Diversity and Novelty as Objectives in Poker
Abstract
Evolutionary algorithms are capable to lead to efficient solutions without a predefined design and few human bias. However, they can be prone to early convergence and may be deceived by a non-informative or deceptive fitness function, and thus the agents may end up as suboptimal solutions or not be able to solve the task. Diversity maintenance and novelty search are methods developed to deal with these drawbacks. The first method modifies the evolution so agents are selected based on their fitness and their diversity. Novelty search builds on top of it, and evolve individuals that are not only diverse, but that also possess novel behaviors.
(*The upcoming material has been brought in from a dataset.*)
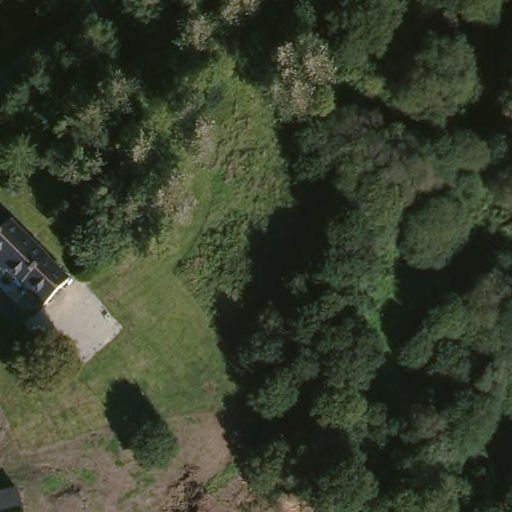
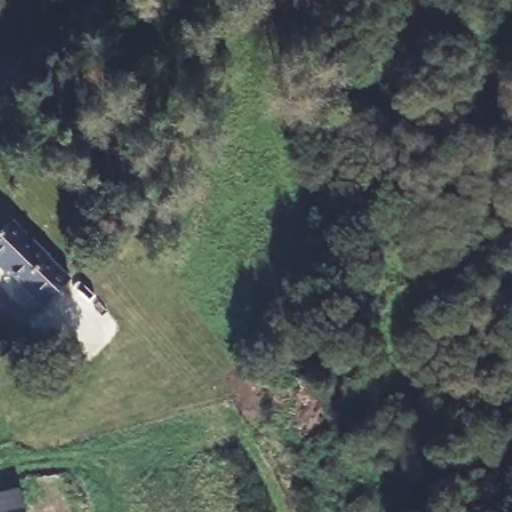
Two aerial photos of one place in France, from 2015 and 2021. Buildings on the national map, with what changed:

Currently that are no studies on diversity and novelty for tasks that possess both deceptive properties and large amounts of ambiguity. In this work Heads-up Texas Hold'em Poker is used to provide a domain exhibiting both properties simultaneously. Specifically, Poker contains ambiguity due to imperfect information, stochasticity, and intransitivity. It is also deceptive, due to the complex strategies necessary to perform well in the game, such as bluffing. Finally, this poker variant also contains a behavior space that is extremely large, due to its many game states and decision points. This thesis investigates if diversity maintenance and novelty search are still beneficial under a task that posses these features. These techniques are compared between themselves and between the classic evolutionary method. The goal is to analyze if these methods improve the diversity in the population, and if it leads to an improved performance. This work does not aim to develop a world-class poker player, but to assess the significance of diversity and novelty search.
The results show that diversity maintenance methods were not only able to produce a diverse range of strategies for poker, but also to produce statistically better strategies than in a scenario with no diversity.